Four officers found guilty of breaching duties in $17m MIS
The Federal Court has found that four current and former directors of Linchpin Capital Group and Endeavour Securities breached duties as officers of a responsible entity of a registered managed investment scheme and did not act in the best interests of members.
According to ASIC, Ian Williams, Paul Raftery and Paul Nielsen, directors of Endeavour, and Peter Daly, director of Linchpin and an acting director of Endeavour, “did not take the proper steps to ensure they complied with the law” in managing $17 million through a registered managed investment scheme called the Investport Income Opportunity Fund.
Linchpin operated an unregistered managed investment scheme, which was also called the Investport Income Opportunity Fund.
The Court found Daly and Raftery improperly used their positions by receiving unsecured loans from the unregistered Investport Income Opportunity Fund for their personal use.
Daly received loans totalling $130,000 and Raftery took a $40,000 loan.
ASIC deputy chair Sarah Court said: “They were responsible for large sums of money but did not take the proper steps to ensure they complied with the law.

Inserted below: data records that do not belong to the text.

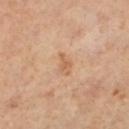follow-up: catalogued during a skin exam; not biopsied | diameter: ≈3 mm | subject: female, in their 60s | illumination: cross-polarized illumination | acquisition: ~15 mm crop, total-body skin-cancer survey | anatomic site: the right leg.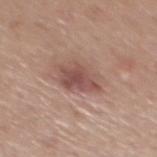biopsy status = imaged on a skin check; not biopsied | location = the mid back | image source = total-body-photography crop, ~15 mm field of view | tile lighting = white-light illumination | image-analysis metrics = a lesion color around L≈50 a*≈21 b*≈23 in CIELAB; an automated nevus-likeness rating near 65 out of 100 and lesion-presence confidence of about 100/100 | patient = male, about 50 years old.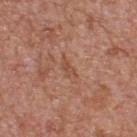The subject is a male in their mid-60s. The lesion's longest dimension is about 3 mm. Cropped from a whole-body photographic skin survey; the tile spans about 15 mm. The lesion is on the upper back. Captured under white-light illumination.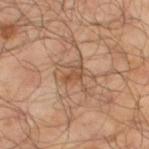workup — total-body-photography surveillance lesion; no biopsy
site — the left lower leg
acquisition — ~15 mm tile from a whole-body skin photo
patient — male, roughly 65 years of age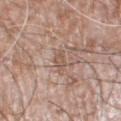Impression:
The lesion was photographed on a routine skin check and not biopsied; there is no pathology result.
Image and clinical context:
A male subject, aged 58–62. About 3 mm across. A 15 mm crop from a total-body photograph taken for skin-cancer surveillance. On the leg.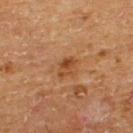notes=total-body-photography surveillance lesion; no biopsy | imaging modality=15 mm crop, total-body photography | patient=male, about 65 years old | body site=the upper back.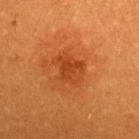| feature | finding |
|---|---|
| follow-up | total-body-photography surveillance lesion; no biopsy |
| TBP lesion metrics | a lesion area of about 9.5 mm² and two-axis asymmetry of about 0.35; a lesion-detection confidence of about 100/100 |
| subject | female, roughly 30 years of age |
| size | about 4 mm |
| lighting | cross-polarized |
| site | the upper back |
| image source | ~15 mm crop, total-body skin-cancer survey |

Disclosure statements did not reflect the true position and two of the directors were found by the Court to have made improper use of their positions to gain advantage for themselves.
“Investors expected a level of compliance that was not delivered. For ASIC, it was critical that these officers were held accountable.”
The Court found that between 2015 and 2018, the individuals in question:
- Did not take all reasonable steps to ensure that Endeavour complied with its compliance plan, obtain member approval for related party loans and issue Product Disclosure Statements that complied with the law;
- Failed to exercise care and diligence;
- Did not act in the best interests of members of the Investport Income Opportunity Fund.
In handing down judgment, Justice Elizabeth Cheeseman said: “The circumstances in which and the way in which Endeavour transferred the funds to Linchpin markedly departed from the standard that one would expect between unrelated parties, each acting in their own best interests.
“In short, the Endeavour transfers were uncertain, uncommercial and improvident.”
She identified a “clear conflict” between the interests of unit holders in the registered scheme and the interests of Linchpin and the borrowers under the unregistered scheme loans.
“That conflict was not recognised and was not mitigated by the respondents in their respective roles as officers of Endeavour,” Cheeseman stated.
“The conduct of Daly and Raftery, respectively, in entering into the Daly Loans and the Raftery Loan (as varied), fell short of the standards of conduct that would be expected of individuals in their position by reasonable persons with knowledge of the duties, powers and authority of officers of responsible entities of a registered managed investment schemes.”
Nielsen, Raftery, and Williams did not contest ASIC’s case at trial.
All four individuals had previously been banned in November 2019 from providing financial services for five years.
ASIC would now seek orders from the Court, imposing pecuniary penalties and periods of disqualification against the current and former directors from managing corporations.